A brief altercation ensued, when Chouviat, 42, was arrested and pinned to the ground face down. Police officers lay upon him, using a stranglehold, causing him to suffocate and suffer cardiac arrest, despite his pleas for them to let go. In a case reminiscent of that of George Floyd in the US in May last year, Chouviat was recorded repeatedly telling them “I’m suffocating”.

Chouviat, a father of five, was taken to hospital in a coma, where he died two days later. A postmortem examination found he had suffered a fractured larynx and asphyxia.

His family have repeatedly demanded in vain for the four police officers involved to be suspended while awaiting the result of an official investigation into the case. Despite compelling evidence that has emerged in the judicial probe demonstrating the excessive, brutal manhandling of Chouviat by the officers, three of whom have been placed under investigation in the case, French interior minister Gérald Darmanin recently wrote to Chouviat’s family confirming that the officers implicated in the events will remain unsuspended from duty.

Illustration 1
Cédric Chouviat pinned to the ground by police officers in Paris on January 3rd 2020. © Document Mediapart

An investigation into Chouviat’s death was launched by the French police’s internal investigation services, the IGPN, under the authority of two independent investigating magistrates. Between July 7th and July 16th 2020, on the evidence gained by then, the magistrates formally placed three of the four implicated police officers under investigation (a legal step that can only be taken on the basis of "serious or concordant" evidence that a person has committed a crime) for “manslaughter” and banned the men from having any further contact between each other. 

On July 10th 2020, the fourth officer, a woman, who had filmed the scene, was made an “assisted witness”, a legal status which implies less serious evidence against her had been found than against those placed under investigation.

On December 10th last year, lawyers acting for Cédric Chouviat’s family wrote to interior minister Gérald Darmanin requesting “very solemnly” that the officers be suspended from duty. They noted that “the presumption of innocence” – accorded by French law to all suspects who have not been tried and convicted – “is not considered to be an obstacle” to such a provisional move, which can be taken when the behaviour of police officers is regarded or suspected to have been “contrary to the principles which must govern their mission”.  

In France, the suspension of a police officer on such grounds can last for four months, and can be renewed once. It can be ordered by the police administration before an internal inquiry is launched or concluded, and before an eventual decision to discipline the officer in question, and is applicable in parallel to an ongoing judicial investigation.

According to the French national police force’s press office, the SICOP, a decision to suspend an officer is not regarded as a disciplinary measure but is aimed at momentarily removing them from normal duty “in the interest of the public service and/or in the interest of the officer themselves, while awaiting a settlement of the situation”.    

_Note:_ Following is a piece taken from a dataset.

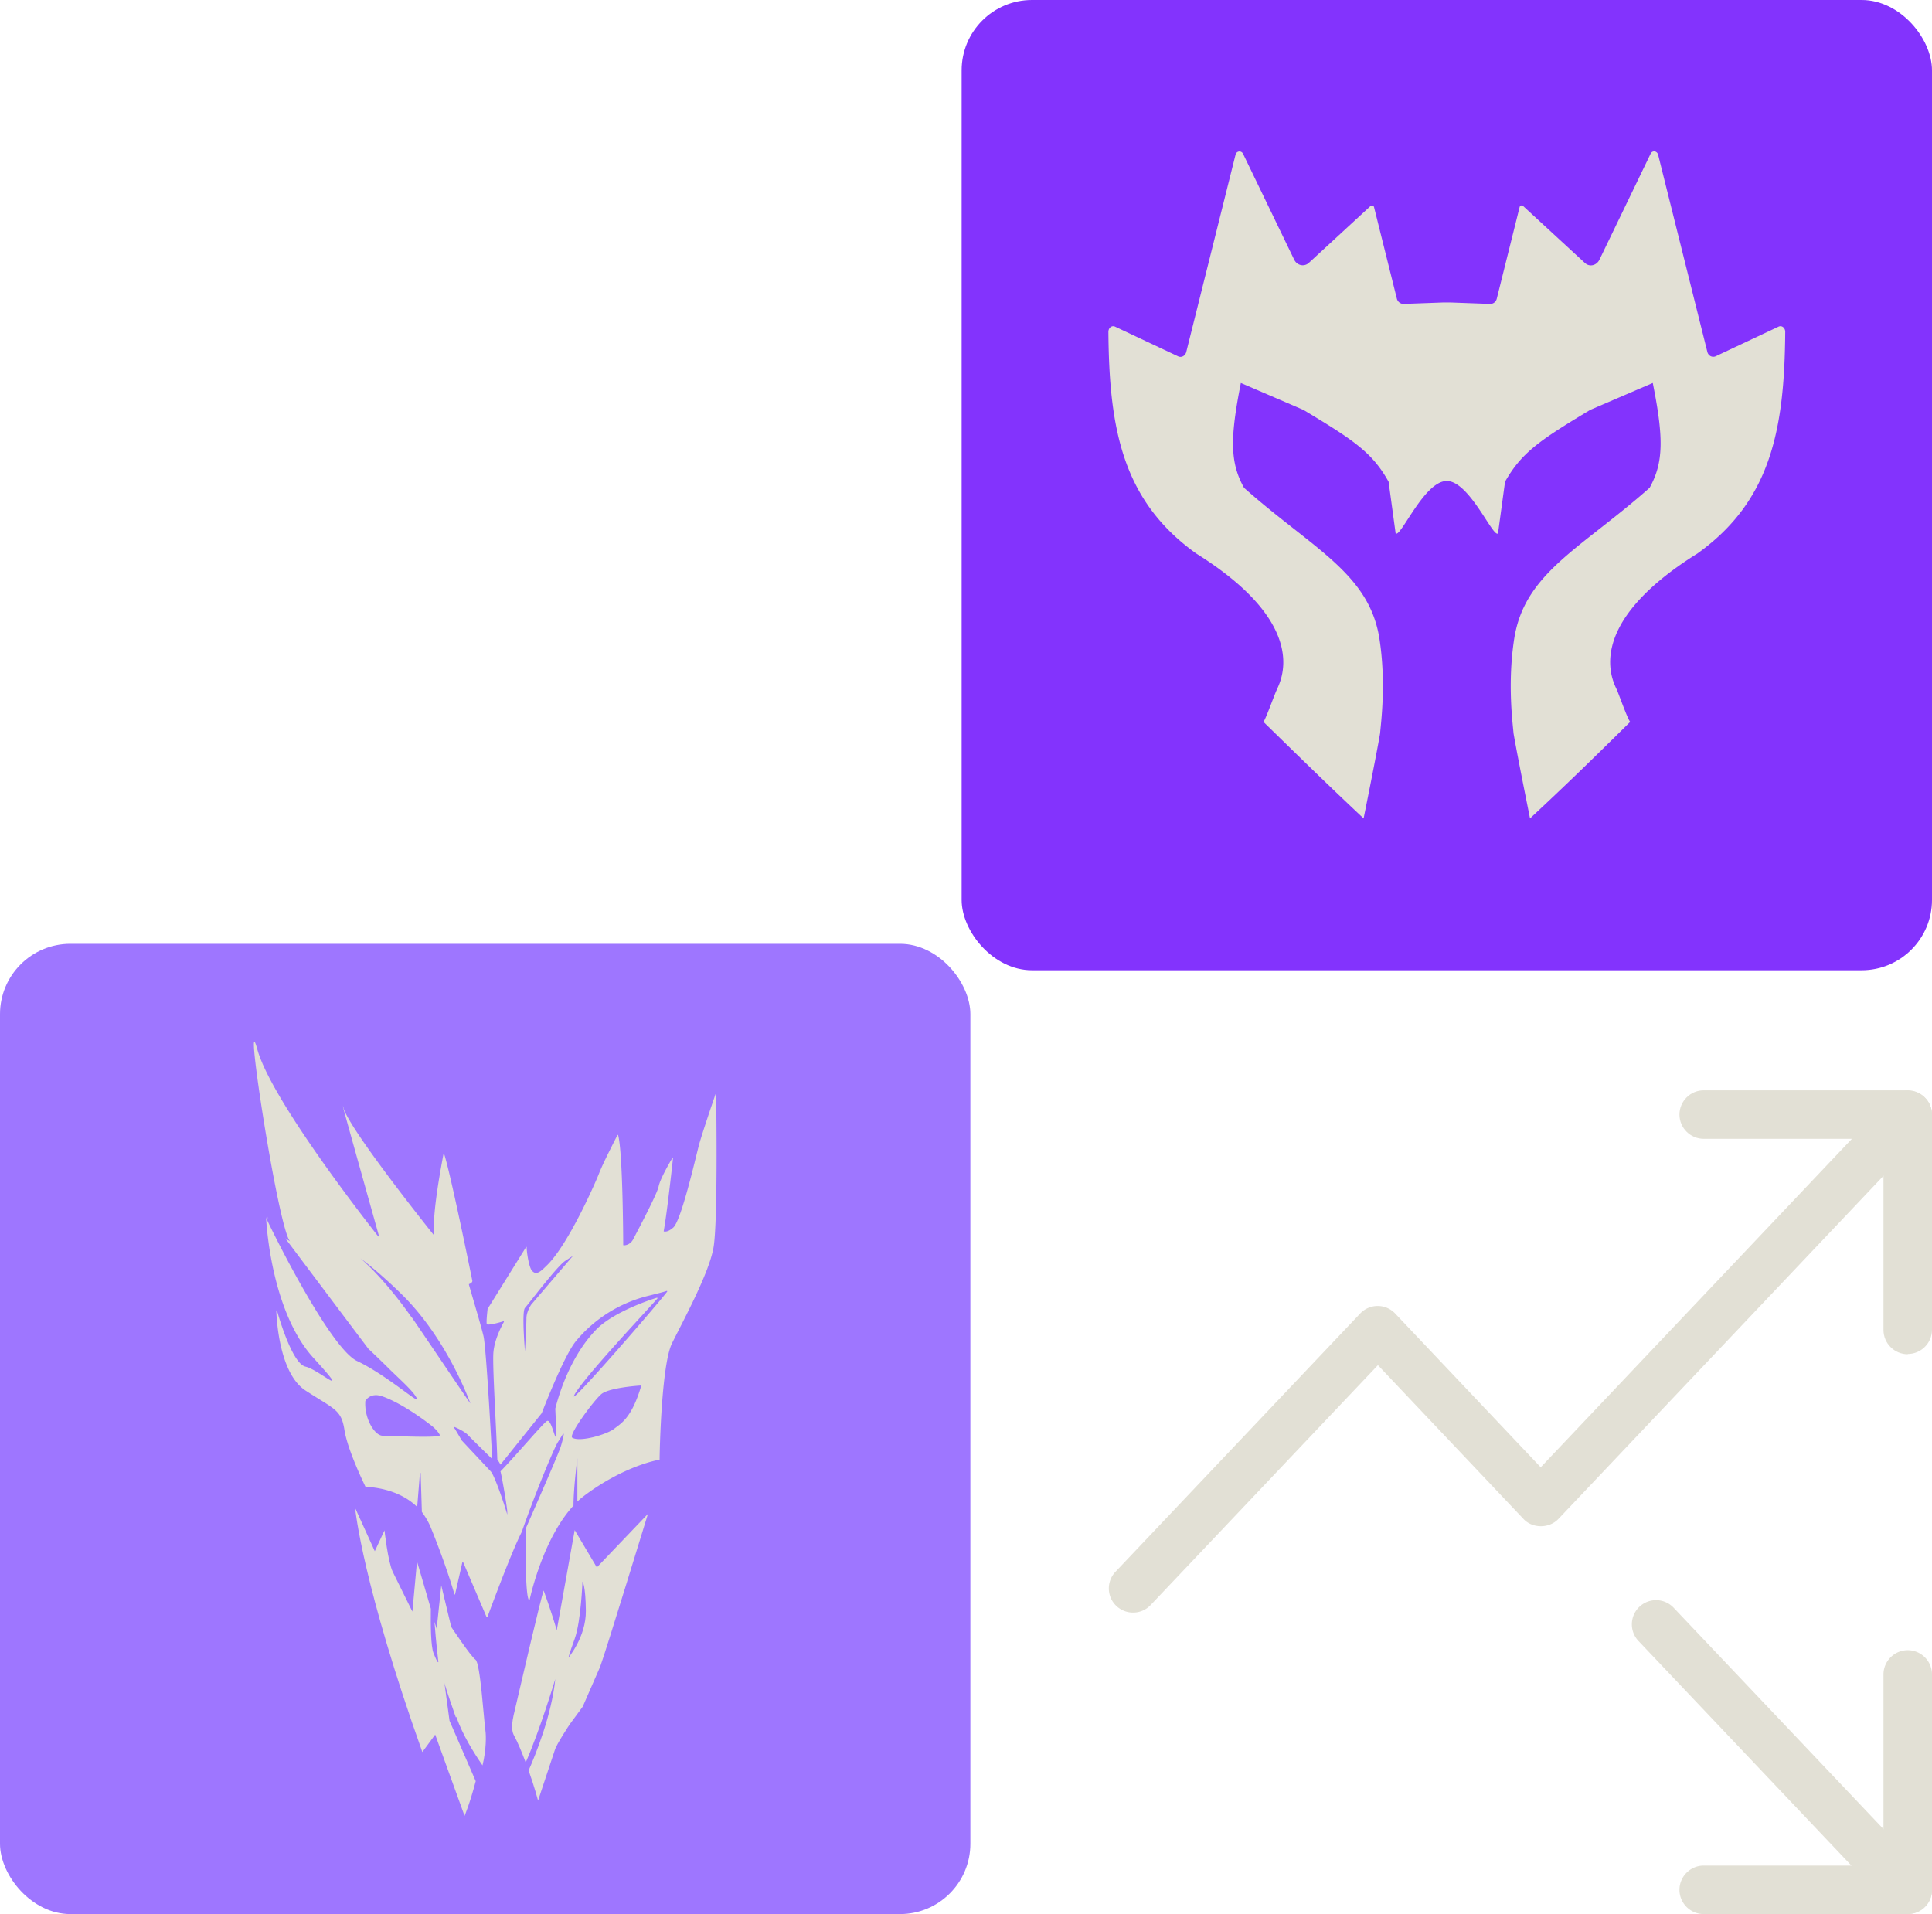 <svg xmlns="http://www.w3.org/2000/svg" id="Layer_2" data-name="Layer 2" viewBox="0 0 79.64 78.91"><defs><style>.cls-2{fill:#e2e0d5}</style></defs><g id="canva"><rect width="40" height="40" x="39.64" rx="2.9" ry="2.9" style="fill:#8333fd"/><path d="M73.59 13.68c-.03 4.02-.59 6.97-3.62 9.14-4.84 3.02-3.44 5.34-3.31 5.64.11.27.44 1.2.54 1.3-1.64 1.62-2.67 2.62-4.13 3.98 0 0-.53-2.62-.68-3.51-.03-.39-.26-2.05.03-3.91.43-2.71 2.76-3.71 5.58-6.21.58-1.05.58-2.06.13-4.32l-2.58 1.11c-2.08 1.25-2.83 1.76-3.51 2.96l-.29 2.13c-.2.2-1.16-2.12-2.09-2.16h-.04c-.93.03-1.89 2.36-2.09 2.16l-.29-2.13c-.67-1.2-1.43-1.71-3.51-2.96l-2.58-1.11c-.45 2.27-.45 3.28.13 4.32 2.81 2.5 5.15 3.51 5.58 6.21.29 1.85.06 3.51.03 3.91-.15.89-.68 3.51-.68 3.51-1.46-1.37-2.48-2.37-4.13-3.98.09-.1.42-1.03.54-1.3.12-.3 1.52-2.62-3.31-5.64-3.03-2.17-3.59-5.12-3.62-9.14 0-.16.14-.28.28-.21l2.59 1.22c.14.07.3-.02.34-.18l2.03-8.13c.04-.16.24-.18.31-.04l2.11 4.37c.12.24.41.3.6.13l2.55-2.35s.13-.02.14.05l.94 3.77c.03.13.15.22.27.22l1.65-.06h.28l1.65.06c.13 0 .24-.09.27-.22l.94-3.77c.02-.07.09-.09.14-.05l2.55 2.35c.19.18.48.11.6-.13l2.11-4.37c.07-.15.27-.12.31.04l2.03 8.13c.04.16.2.24.34.18l2.59-1.22c.14-.07.28.05.28.21ZM78.64 78.91a.97.97 0 0 1-.72-.31L67.54 67.65a.996.996 0 1 1 1.45-1.37l10.38 10.95a.996.996 0 0 1-.72 1.68Z" class="cls-2"/><path d="M78.64 78.91h-8.41c-.55 0-1-.45-1-1s.45-1 1-1h7.41v-7.88c0-.55.45-1 1-1s1 .45 1 1v8.87c0 .55-.45 1-1 1ZM46.7 66.48a.996.996 0 0 1-.72-1.68l10.09-10.65a.992.992 0 0 1 1.44 0l6 6.34 14.41-15.21a.996.996 0 1 1 1.45 1.37L64.24 62.62c-.38.4-1.07.4-1.44 0l-6-6.34-9.37 9.89c-.2.21-.46.31-.72.31Z" class="cls-2"/><path d="M78.64 55.83c-.55 0-1-.45-1-1v-7.88h-7.41c-.55 0-1-.45-1-1s.45-1 1-1h8.41c.55 0 1 .45 1 1v8.87c0 .55-.45 1-1 1Z" class="cls-2"/><rect width="40" height="40" y="38.91" rx="2.9" ry="2.9" style="fill:#9e76ff"/><path d="M29.52 45.12s-.03-.02-.03 0c-.12.35-.58 1.7-.69 2.13-.13.5-.72 3.08-1.05 3.36-.23.2-.35.16-.38.16 0 0-.02-.01-.01-.02.01-.06.08-.44.19-1.35.1-.81.17-1.44.19-1.64 0-.02-.02-.03-.03-.01-.12.2-.5.86-.56 1.16-.05.28-.77 1.65-1.06 2.2-.08.14-.22.23-.38.23 0 0-.02 0-.02-.02 0-.28-.02-3.85-.21-4.52 0-.01-.02-.02-.03 0-.1.2-.6 1.16-.77 1.61-.16.4-1.24 2.86-2.11 3.73-.23.22-.46.5-.66.22-.11-.16-.2-.73-.2-.94 0-.02-.02-.02-.03 0l-1.58 2.54s-.07.59-.03.63c.06.06.53-.07.68-.12.01 0 .03.01.02.03-.09.16-.38.7-.43 1.24-.05.52.12 3.11.16 4.43.04.05.1.15.13.21l1.7-2.12s.91-2.37 1.41-2.97a5.61 5.61 0 0 1 2.99-1.87c.48-.12.67-.17.75-.2.02 0 .03.01.02.03-.37.5-4.04 4.73-3.84 4.29.3-.65 3.15-3.66 3.44-4.01.01-.01 0-.03-.02-.03-.3.09-1.76.58-2.47 1.28-.79.79-1.39 2.01-1.72 3.29 0 .07.07 1.28 0 1.15-.07-.14-.2-.71-.34-.64-.16.09-1.27 1.41-1.92 2.08.02.03-.01-.03 0 0 .05.17.24 1.25.28 1.64v.14c-.11-.39-.52-1.61-.68-1.78l-1.2-1.28s-.18-.32-.31-.52c0-.01 0-.03.02-.03.12.05.42.19.55.33.2.21 1 .99 1 .99s-.24-4.57-.36-5.07c-.13-.54-.56-1.96-.6-2.12v-.02l.09-.04s.06-.06.05-.1c-.34-1.68-.95-4.58-1.16-5.22 0-.02-.03-.01-.03 0-.07.38-.48 2.49-.38 3.31 0 .02-.02.03-.03.01-.37-.46-3.46-4.35-3.71-5.22a.22.22 0 0 0-.03-.08c.05.22 1.31 4.7 1.49 5.35 0 .02-.02.03-.03.02-.49-.62-4.4-5.62-4.98-7.7-.61-2.2.88 7.54 1.36 7.92-.02-.02-.1-.07-.21-.14 1.35 1.8 3.42 4.55 3.43 4.56 0 0 .42.39.88.85.46.45 1.01.93 1.12 1.21.09.22-1.27-.99-2.47-1.56-.96-.45-2.93-4.19-3.7-5.79 0-.01-.01-.03-.02-.04a.266.266 0 0 1-.03-.12v.06c.03.58.3 3.95 1.95 5.76s.25.49-.33.36c-.51-.12-1.03-1.81-1.17-2.3 0-.02-.03-.02-.03 0 .02.54.17 2.62 1.21 3.29 1.2.78 1.47.78 1.6 1.63.13.82.81 2.22.87 2.34h.01c.11 0 1.28.03 2.09.8.01 0 .03 0 .03-.01l.11-1.36s.03-.02.03 0l.05 1.6c.13.18.25.37.35.6.58 1.42.92 2.53.99 2.79 0 .02.03.02.03 0l.3-1.32s.02-.02.03 0l.97 2.27s.02.01.03 0c.12-.33 1.01-2.73 1.42-3.52.48-1.39 1.24-3.25 1.47-3.67l.23-.37s.03 0 .03.01c-.01.08-.04.24-.12.5-.09.3-.94 2.23-1.45 3.4 0 .53-.03 2.69.13 2.94 0 .01.03 0 .03 0 .06-.28.59-2.57 1.81-3.89 0-.74.16-1.95.16-1.95v1.78c.11-.1.22-.19.34-.28 1.57-1.16 2.9-1.42 3.04-1.44 0 0 .01 0 .01-.02 0-.25.07-3.88.51-4.78.46-.93 1.52-2.87 1.71-3.94.18-.99.12-5.62.11-6.34Zm-7.62 8.66s-.2.29-.2.57-.06 1.36-.06 1.36-.14-1.64 0-1.79 1.32-1.72 1.66-1.94c.29-.19.33-.21.33-.22l-1.72 2.01Zm-4.94.52c-.31-.44-1.88-2.65-3.33-3.24-.02 0 1.14.54 2.94 2.31 1.9 1.87 2.82 4.49 2.82 4.49 0 .02-2.22-3.28-2.43-3.57Zm-1.18 4.89c-.34 0-.77-.72-.72-1.43 0 0 .19-.38.71-.19.91.32 2.05 1.22 2.12 1.29s.17.16.24.3-2.05.03-2.35.03Zm10.65-2.05c-.4 1.35-.85 1.55-1.11 1.76-.27.22-1.4.57-1.73.37-.17-.1.86-1.5 1.19-1.79.3-.26 1.44-.35 1.63-.36.01 0 .02.01.01.03Z" class="cls-2"/><path d="M11.04 50.21v-.06c0 .04.01.08.03.12l-.03-.06ZM24.61 64.63l-.92-1.55-.74 4.13c-.23-.8-.54-1.64-.54-1.64-.13.36-.95 3.91-1.24 5.15-.05.22-.1.59 0 .79.18.33.35.75.5 1.15.59-1.34 1.22-3.44 1.22-3.44-.15 1.49-.81 3.11-1.1 3.77.24.67.39 1.24.39 1.24l.69-2.08c.06-.23.62-1.07.62-1.07l.53-.72.72-1.65c.26-.71 1.94-6.21 1.97-6.3l-2.12 2.22Zm-1.18 3.72s0-.07.26-.79.32-2.36.32-2.36.13.14.14 1.21-.72 1.93-.72 1.93ZM18.79 70.8c-.4-1.15-.46-1.37-.47-1.42l.21 1.56 1.08 2.49c-.25.95-.46 1.43-.46 1.43-.34-.93-1.21-3.35-1.21-3.35l-.53.72c-2.45-6.88-2.76-9.95-2.77-10.06l.81 1.78.4-.86s.14 1.29.34 1.71l.81 1.64.19-2.07.57 1.95c-.01.7 0 1.55.11 1.83.2.5.2.36.2.36s-.1-.83-.16-1.65l.09.29.19-1.79.41 1.71s.8 1.21 1 1.35.34 2.43.41 2.93c.03.19.04.77-.12 1.43-.36-.52-.82-1.26-1.08-2Z" class="cls-2"/></g></svg>

In the case of the death of Cédric Chouviat, one senior member of the police administration, whose name is withheld, told Mediapart: “It is in the interests of everyone to remove the police officers from the field. There is no question. Without predicting the subsequent judicial findings, the manner of this roadside check, their behaviour and the tragic outcome with the death of a man, leaves no place for questioning [that].”    

However, that point of view is not shared by the French interior minister, as made clear in a letter he addressed to Cédric Chouviat’s family this summer. In his letter, dated June 21st, Darmanin began by saying that a decision to suspend an officer is decided on the basis of “protecting the [police] services from the consequences of one of its officers”.

“It even has precisely the aim of ‘avoiding the scandal or difficulty that can be caused by the effective presence in public employment of an officer suspected of a serious wrongdoing’,” he added, citing regulations.

Darmanin said “the initial elements in the investigation have not allowed to establish that the officers had committed, during the arrest of Mr Chouviat, a failure to meet their obligations which would be susceptible to justify removing them from their duty”.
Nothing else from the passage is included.